Cultures of Knowledge
Robert Plot (1640–1696)
The ‘learned Dr Plot’, who is best known as a naturalist, antiquary, and first keeper of Oxford’s Ashmolean Museum, was born at Sutton Barne, Borden, Kent. Educated at the Free School in Wye, in 1658 he matriculated at Magdalen Hall, Oxford, where subsequently he served as dean and as vice-principal, before moving to University College in 1676. It was initially as a student and then as a teacher that he became involved in the activities of Oxford’s circle of natural philosophers at the centre of which was first Robert Boyle and later Thomas Willis.
By the mid-1660s Plot had formulated a plan to traverse the length and breadth of Britain collecting material for a written survey of the country, a project he restricted subsequently to the counties of Oxfordshire and Staffordshire. His research on this endeavour began in earnest in June 1674 — in part thanks to the support of John Fell, bishop of Oxford, and the University’s vice-chancellor Ralph Bathhurst — with travels throughout Oxfordshire, and two years later he brought out through the University press The Natural History of Oxfordshire, being an Essay toward the Natural History of England. The favourable reception and subsequent success of this publication appears to have been a factor in the University’s decision to accept Elias Ashmole’s substantial gift and to erect a new building in which both to house Ashmole’s donation and to accomodate in addition under the same roof a School of Natural History and a chemical laboratory; in 1683, Plot was appointed Professor of Chemistry and first Keeper of the Ashmolean Museum. His appointment, which in November 1684 caused him to resign his secretaryship of the Royal Society, allowed him to complete a second publication, The Natural History of Stafford-shire , and he remained in post for seven years, during which time, as Gunther writes, ‘his energies all turned to the profit of the Museum. The jealous even declared that “his acquisitiveness was such as to disgust some of his fellow antiquarians”. But he was one who gave ten-fold more than he received, and he had many friends, and was intimage with Pepys and Evelyn’.1 From 1687 Plot’s assistant was Edward Lhwyd, who himself appeared to have reservations about Plot’s acquitision habits.2
Plot resigned frm the chair of chemistry in November 1689, possibly on account of his intended marriage with Rebecca Rebecca Burnam (née Sherwood) in the summer of 1690. Citing insufficient stipend as the reason he tended his resignation as Keeper of the Ashmolean the following winter (in which post he was succeeded by Edward Lhwyd), whereafter he returned to Sutton Barne. Despite stating that he would ‘never publish’ more of his ‘Histories’, Plot appeared to be contemplating a ‘Natural History of Middlesex and Kent’ as well as one of London and Middlesex; he both published proposals and undertook tours of collection before, through severe illness, he died in Kent on 20 April 1696.

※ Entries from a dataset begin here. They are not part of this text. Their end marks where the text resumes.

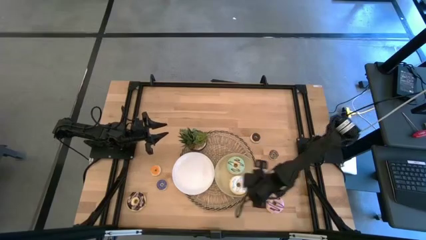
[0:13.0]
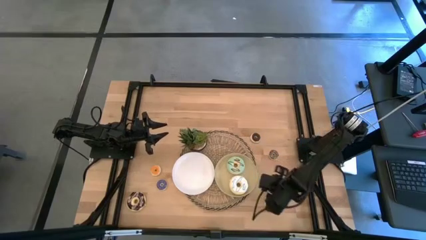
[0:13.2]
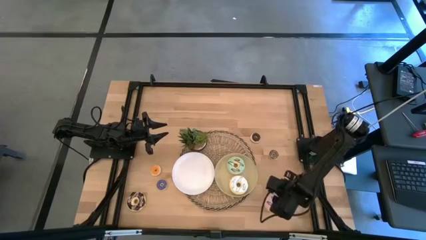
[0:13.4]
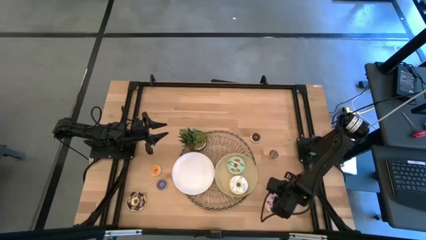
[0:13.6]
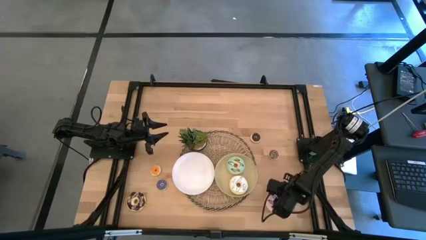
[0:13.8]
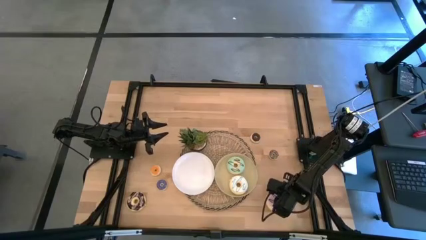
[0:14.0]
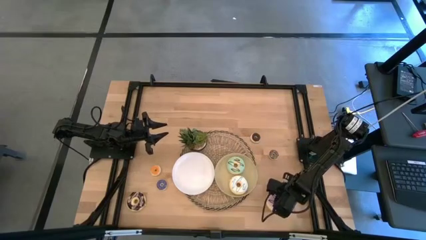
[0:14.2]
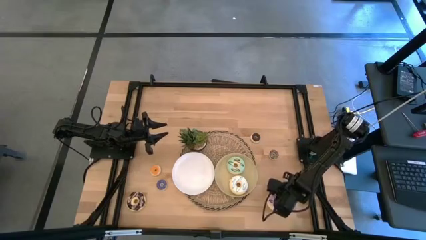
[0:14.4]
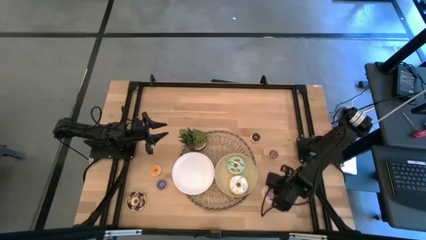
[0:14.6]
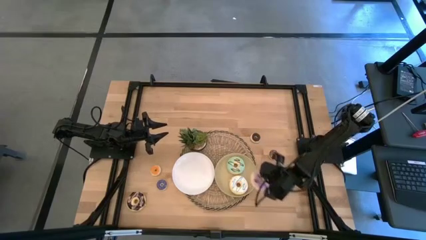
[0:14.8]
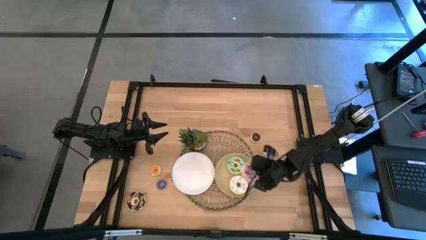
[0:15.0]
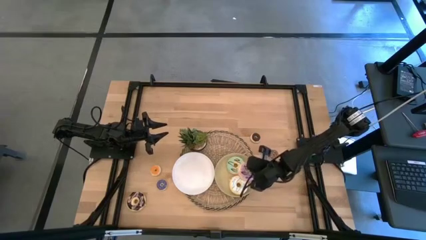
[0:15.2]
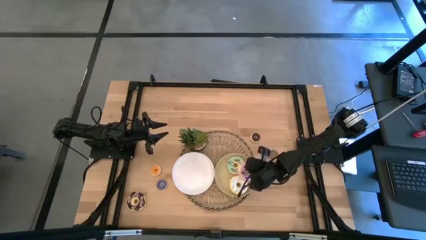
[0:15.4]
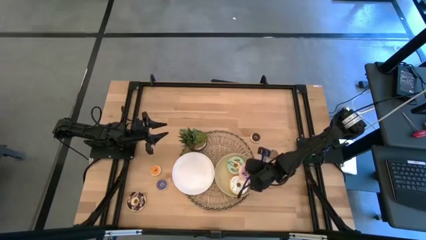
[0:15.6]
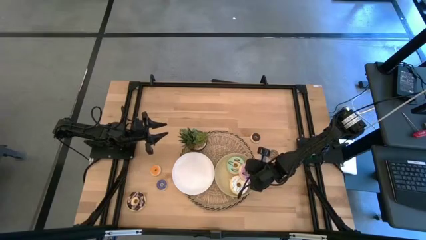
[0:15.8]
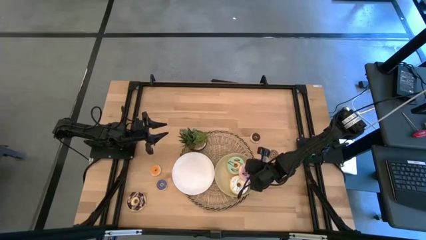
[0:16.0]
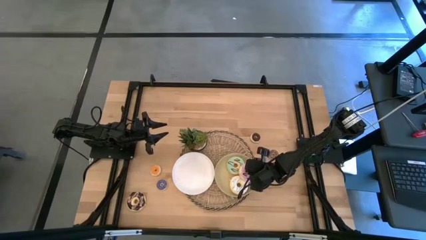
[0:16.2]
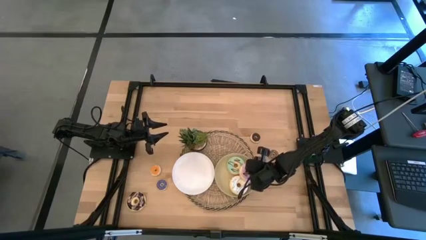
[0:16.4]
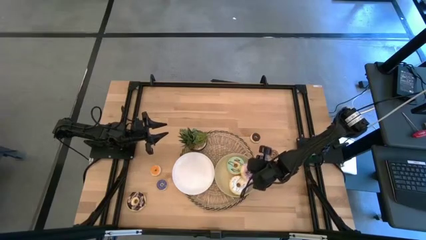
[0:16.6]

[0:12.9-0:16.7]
Task: Pick & Place donuts
Put the big purple donut on the brown plate

Partners and Additional Contributors
Between 1920 and 1945, Robert Gunther, the zoologist, antiquary, and historian of science, brought out the fourteen volumes of his Early Science in Oxford. As founder of the Museum of the History of Science, which is housed in the very building where Plot presided over the fledgling Ashmolean, Gunther made in these volumes a significant contribution to the archaeological study of science In Oxford, and he edited and published a significant number of the letters of Robert Plot. Cultures of Knowledge has collated the metadata, primarily from volume XII, of these letters published by Gunther to form the beginnings of a calendar. Thanks are due in particular to Digital Fellow Callum Seddon for working his way through Gunther’s volume to enter the metadata, and to EMLO intern Antonio Geremicca for his proofreading work.
Key Bibliographic Source(s)
R. T. Gunther, Early Science in Oxford, vol. IV and vol. XII (Oxford, 1925 and 1939).
Scope of Catalogue
EMLO will continue to enhance, update, and enrich the metadata in this catalogue, including the completion of manuscript details; work will be scheduled also to supplement the calendar with metadata for the letters that were not published in Gunther’s volumes. In addition, it is hoped that students in Oxford will engage with this catalogue as part of their coursework. Links to interpretations of letters that reside in alternative catalogues in EMLO will be inserted shortly so users are able to toggle between versions.
R. T. Gunther, Early science in Oxford, 14 vols (Oxford, 1920–1945).
A. J. Turner, ‘Plot, Robert (bap. 1640, d. 1696)’, Oxford Dictionary of National Biography (Oxford University Press, 2004).